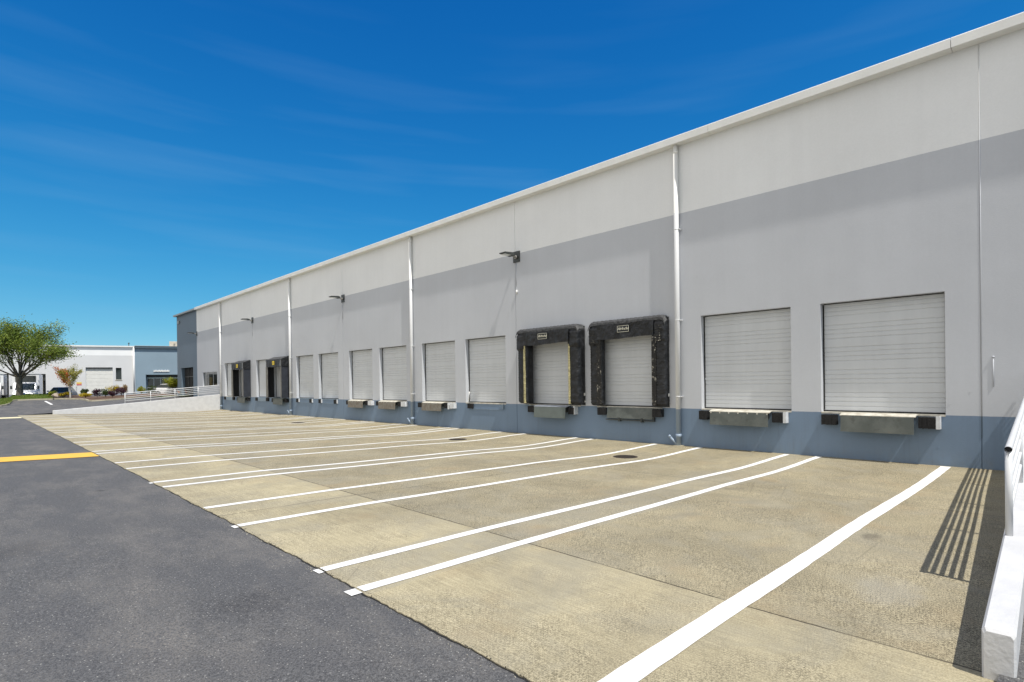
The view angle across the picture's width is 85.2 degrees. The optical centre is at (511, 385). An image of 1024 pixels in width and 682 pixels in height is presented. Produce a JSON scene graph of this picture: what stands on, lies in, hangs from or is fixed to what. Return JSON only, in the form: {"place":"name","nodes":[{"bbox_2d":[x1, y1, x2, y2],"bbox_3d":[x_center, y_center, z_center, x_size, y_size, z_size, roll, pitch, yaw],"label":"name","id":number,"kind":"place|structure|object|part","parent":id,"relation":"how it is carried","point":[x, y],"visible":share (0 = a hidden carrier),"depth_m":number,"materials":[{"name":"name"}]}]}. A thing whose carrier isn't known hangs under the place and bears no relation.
{"place":"outdoors","nodes":[
{"label":"outdoors","id":0,"kind":"place"},
{"bbox_2d":[17,410,1004,681],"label":"concrete apron","id":1,"kind":"object","parent":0,"point":[543,558],"visible":0.94,"depth_m":7.55,"materials":[{"name":"beige concrete"}]},
{"bbox_2d":[52,385,219,413],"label":"ramp wall","id":2,"kind":"structure","parent":1,"relation":"on","point":[201,403],"depth_m":48.77,"materials":[{"name":"paint"}]},
{"bbox_2d":[154,435,1023,681],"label":"grit","id":3,"kind":"object","parent":1,"relation":"on","point":[388,610],"visible":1,"depth_m":7.04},
{"bbox_2d":[613,455,637,457],"bbox_3d":[3.373,2.132,16.578,0.720,0.034,0.720,-1,0,-45],"label":"drain cover","id":4,"kind":"object","parent":1,"relation":"on","point":[624,456],"visible":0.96,"depth_m":16.56,"materials":[{"name":"metal"}]},
{"bbox_2d":[981,397,1023,680],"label":"ramp wall","id":5,"kind":"structure","parent":1,"relation":"on","point":[1001,630],"depth_m":4.57,"materials":[{"name":"paint"}]},
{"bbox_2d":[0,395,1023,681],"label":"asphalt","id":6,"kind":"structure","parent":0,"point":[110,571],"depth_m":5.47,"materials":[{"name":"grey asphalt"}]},
{"bbox_2d":[0,374,6,397],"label":"box truck","id":7,"kind":"object","parent":6,"relation":"on","point":[3,384],"visible":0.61,"depth_m":64.54,"materials":[{"name":"white paint"}]},
{"bbox_2d":[10,374,42,394],"bbox_3d":[-56.981,0.370,65.471,2.500,3.360,8.380,-1,0,-37],"label":"box truck","id":8,"kind":"object","parent":6,"relation":"on","point":[32,383],"visible":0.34,"depth_m":63.75,"materials":[{"name":"white paint"}]},
{"bbox_2d":[0,398,53,406],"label":"kerb","id":9,"kind":"structure","parent":6,"relation":"on","point":[26,399],"depth_m":55.41,"materials":[{"name":"concrete"}]},
{"bbox_2d":[46,387,76,395],"bbox_3d":[-49.678,0.938,61.480,2.160,1.480,4.490,-1,0,-26],"label":"parked car","id":10,"kind":"object","parent":6,"relation":"on","point":[63,390],"visible":0.26,"depth_m":60.90,"materials":[{"name":"blue paint"}]},
{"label":"windows","id":11,"kind":"part","parent":10,"relation":"part of","materials":[{"name":"black glass"}]},
{"bbox_2d":[0,341,177,396],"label":"warehouse","id":12,"kind":"structure","parent":6,"relation":"on","point":[133,368],"depth_m":76.08,"materials":[{"name":"white concrete"}]},
{"bbox_2d":[86,367,112,392],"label":"roll up door","id":13,"kind":"structure","parent":12,"relation":"in","point":[101,378],"depth_m":75.50,"materials":[{"name":"white metal"}]},
{"bbox_2d":[116,368,121,379],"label":"window","id":14,"kind":"structure","parent":12,"relation":"in","point":[118,370],"depth_m":76.43,"materials":[{"name":"grey glass"}]},
{"bbox_2d":[54,395,176,400],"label":"kerb","id":15,"kind":"structure","parent":6,"relation":"on","point":[108,399],"depth_m":55.84,"materials":[{"name":"concrete"}]},
{"bbox_2d":[63,393,176,399],"bbox_3d":[-42.981,1.195,62.060,13.466,0.420,16.238,-1,0,-45],"label":"mulch bed","id":16,"kind":"object","parent":6,"relation":"on","point":[104,397],"visible":0.52,"depth_m":58.64,"materials":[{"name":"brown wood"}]},
{"bbox_2d":[51,393,62,397],"bbox_3d":[-46.569,1.086,57.103,1.029,0.649,0.842,-1,0,-45],"label":"boulder","id":17,"kind":"object","parent":16,"relation":"on","point":[55,395],"visible":0.74,"depth_m":56.80,"materials":[{"name":"stone"}]},
{"bbox_2d":[58,392,71,397],"bbox_3d":[-45.757,0.958,57.035,1.182,0.625,1.023,-1,0,-45],"label":"shrub","id":18,"kind":"object","parent":16,"relation":"on","point":[64,394],"visible":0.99,"depth_m":56.88,"materials":[{"name":"yellow plant"}]},
{"bbox_2d":[51,364,82,397],"bbox_3d":[-45.396,-0.422,56.781,2.509,3.679,3.418,-1,0,-45],"label":"tree","id":19,"kind":"object","parent":16,"relation":"on","point":[65,375],"visible":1,"depth_m":56.71,"materials":[{"name":"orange plant"}]},
{"bbox_2d":[80,388,88,393],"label":"shrub","id":20,"kind":"object","parent":16,"relation":"on","point":[83,390],"visible":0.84,"depth_m":59.92,"materials":[{"name":"green plant"}]},
{"bbox_2d":[78,393,92,397],"bbox_3d":[-43.029,0.996,56.224,1.232,0.525,0.902,-1,0,-25],"label":"shrub","id":21,"kind":"object","parent":16,"relation":"on","point":[85,395],"visible":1,"depth_m":56.09,"materials":[{"name":"yellow plant"}]},
{"bbox_2d":[91,388,101,396],"bbox_3d":[-41.988,0.763,56.333,0.910,0.931,0.912,-1,0,-45],"label":"shrub","id":22,"kind":"object","parent":16,"relation":"on","point":[95,392],"visible":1,"depth_m":56.17,"materials":[{"name":"purple plant"}]},
{"bbox_2d":[101,388,108,396],"bbox_3d":[-42.365,0.760,57.961,0.926,0.920,0.884,-1,0,-45],"label":"shrub","id":23,"kind":"object","parent":16,"relation":"on","point":[103,392],"visible":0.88,"depth_m":57.94,"materials":[{"name":"green plant"}]},
{"bbox_2d":[105,384,118,390],"bbox_3d":[-43.200,0.507,60.245,1.443,1.224,1.104,-1,0,-28],"label":"shrub","id":24,"kind":"object","parent":16,"relation":"on","point":[114,387],"visible":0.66,"depth_m":60.18,"materials":[{"name":"yellow plant"}]},
{"bbox_2d":[107,391,117,396],"bbox_3d":[-41.180,0.850,57.401,0.798,0.717,1.007,-1,0,-10],"label":"shrub","id":25,"kind":"object","parent":16,"relation":"on","point":[110,393],"visible":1,"depth_m":57.22,"materials":[{"name":"purple plant"}]},
{"bbox_2d":[115,387,127,395],"bbox_3d":[-41.555,0.609,59.256,1.160,0.991,1.229,-1,0,-45],"label":"shrub","id":26,"kind":"object","parent":16,"relation":"on","point":[119,390],"visible":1,"depth_m":59.14,"materials":[{"name":"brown plant"}]},
{"bbox_2d":[137,386,145,392],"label":"shrub","id":27,"kind":"object","parent":16,"relation":"on","point":[140,388],"visible":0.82,"depth_m":65.81,"materials":[{"name":"green plant"}]},
{"bbox_2d":[144,385,156,393],"bbox_3d":[-42.106,0.519,64.895,1.308,1.129,1.328,-1,0,-45],"label":"shrub","id":28,"kind":"object","parent":16,"relation":"on","point":[152,388],"visible":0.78,"depth_m":64.87,"materials":[{"name":"green plant"}]},
{"bbox_2d":[162,376,177,393],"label":"tree","id":29,"kind":"object","parent":16,"relation":"on","point":[171,382],"visible":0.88,"depth_m":65.70,"materials":[{"name":"green plant"}]},
{"bbox_2d":[153,384,177,393],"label":"parked car","id":30,"kind":"object","parent":6,"relation":"on","point":[161,387],"visible":0.27,"depth_m":66.61,"materials":[{"name":"white paint"}]},
{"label":"windows","id":31,"kind":"part","parent":30,"relation":"part of","materials":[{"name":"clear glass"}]},
{"bbox_2d":[173,12,1023,470],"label":"warehouse","id":32,"kind":"structure","parent":6,"relation":"on","point":[833,268],"depth_m":17.60,"materials":[{"name":"paint"}]},
{"bbox_2d":[204,372,216,385],"bbox_3d":[-29.607,-0.601,54.824,0.050,1.420,4.500,-1,0,-45],"label":"window","id":33,"kind":"structure","parent":32,"relation":"in","point":[210,378],"depth_m":54.96,"materials":[{"name":"glass"}]},
{"bbox_2d":[227,363,231,395],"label":"dock door","id":34,"kind":"structure","parent":32,"relation":"in","point":[229,393],"depth_m":51.39,"materials":[{"name":"metal"}]},
{"bbox_2d":[241,370,242,396],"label":"dock door","id":35,"kind":"structure","parent":32,"relation":"in","point":[241,370],"depth_m":49.11,"materials":[{"name":"metal"}]},
{"bbox_2d":[259,360,265,396],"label":"dock door","id":36,"kind":"structure","parent":32,"relation":"in","point":[262,363],"depth_m":45.66,"materials":[{"name":"metal"}]},
{"bbox_2d":[276,367,280,396],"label":"dock door","id":37,"kind":"structure","parent":32,"relation":"in","point":[278,391],"depth_m":43.37,"materials":[{"name":"metal"}]},
{"bbox_2d":[299,355,313,397],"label":"dock door","id":38,"kind":"structure","parent":32,"relation":"in","point":[306,379],"depth_m":39.80,"materials":[{"name":"metal"}]},
{"bbox_2d":[321,352,338,398],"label":"dock door","id":39,"kind":"structure","parent":32,"relation":"in","point":[329,361],"depth_m":37.24,"materials":[{"name":"metal"}]},
{"bbox_2d":[352,349,372,399],"bbox_3d":[-9.069,-0.647,34.065,0.039,3.038,2.780,-1,0,-45],"label":"dock door","id":40,"kind":"structure","parent":32,"relation":"in","point":[362,384],"depth_m":34.20,"materials":[{"name":"metal"}]},
{"bbox_2d":[382,346,406,400],"bbox_3d":[-6.563,-0.666,31.515,0.039,3.038,2.790,-1,0,-45],"label":"dock door","id":41,"kind":"structure","parent":32,"relation":"in","point":[394,361],"depth_m":31.61,"materials":[{"name":"metal"}]},
{"bbox_2d":[425,341,455,401],"bbox_3d":[-3.606,-0.688,28.506,0.039,3.038,2.780,-1,0,-45],"label":"dock door","id":42,"kind":"structure","parent":32,"relation":"in","point":[440,356],"depth_m":28.58,"materials":[{"name":"metal"}]},
{"bbox_2d":[468,336,505,402],"bbox_3d":[-1.100,-0.707,25.957,0.039,3.038,2.790,-1,0,-45],"label":"dock door","id":43,"kind":"structure","parent":32,"relation":"in","point":[487,356],"depth_m":26.00,"materials":[{"name":"metal"}]},
{"bbox_2d":[533,342,570,404],"bbox_3d":[1.858,-0.730,22.948,0.039,3.038,2.780,-1,0,-45],"label":"dock door","id":44,"kind":"structure","parent":32,"relation":"in","point":[550,361],"depth_m":23.20,"materials":[{"name":"metal"}]},
{"bbox_2d":[600,335,654,406],"bbox_3d":[4.365,-0.748,20.400,0.034,3.038,2.790,-1,0,-45],"label":"dock door","id":45,"kind":"structure","parent":32,"relation":"in","point":[628,370],"depth_m":20.48,"materials":[{"name":"metal"}]},
{"bbox_2d":[704,308,791,409],"bbox_3d":[7.321,-0.771,17.390,0.039,3.038,2.780,-1,0,-45],"label":"dock door","id":46,"kind":"structure","parent":32,"relation":"in","point":[747,355],"depth_m":17.34,"materials":[{"name":"metal"}]},
{"bbox_2d":[823,292,945,413],"bbox_3d":[9.827,-0.790,14.840,0.039,3.038,2.790,-1,0,-45],"label":"dock door","id":47,"kind":"structure","parent":32,"relation":"in","point":[883,355],"depth_m":14.76,"materials":[{"name":"metal"}]},
{"bbox_2d":[0,0,1023,345],"label":"sky","id":48,"kind":"structure","parent":0,"point":[160,160],"materials":[{"name":"blue"}]},
{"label":"lawn","id":49,"kind":"structure","parent":0,"visible":0},
{"bbox_2d":[0,394,52,404],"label":"grass","id":50,"kind":"structure","parent":49,"relation":"on","point":[10,399],"depth_m":56.46,"materials":[{"name":"green plant"}]},
{"bbox_2d":[0,312,84,395],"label":"tree","id":51,"kind":"object","parent":49,"relation":"on","point":[12,339],"visible":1,"depth_m":57.97,"materials":[{"name":"green plant"}]}
]}

****************************************

THE TASK
I need every line from the material that contains the word "parked".

ANSWER AREA
{"bbox_2d":[46,387,76,395],"bbox_3d":[-49.678,0.938,61.480,2.160,1.480,4.490,-1,0,-26],"label":"parked car","id":10,"kind":"object","parent":6,"relation":"on","point":[63,390],"visible":0.26,"depth_m":60.90,"materials":[{"name":"blue paint"}]},
{"bbox_2d":[153,384,177,393],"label":"parked car","id":30,"kind":"object","parent":6,"relation":"on","point":[161,387],"visible":0.27,"depth_m":66.61,"materials":[{"name":"white paint"}]},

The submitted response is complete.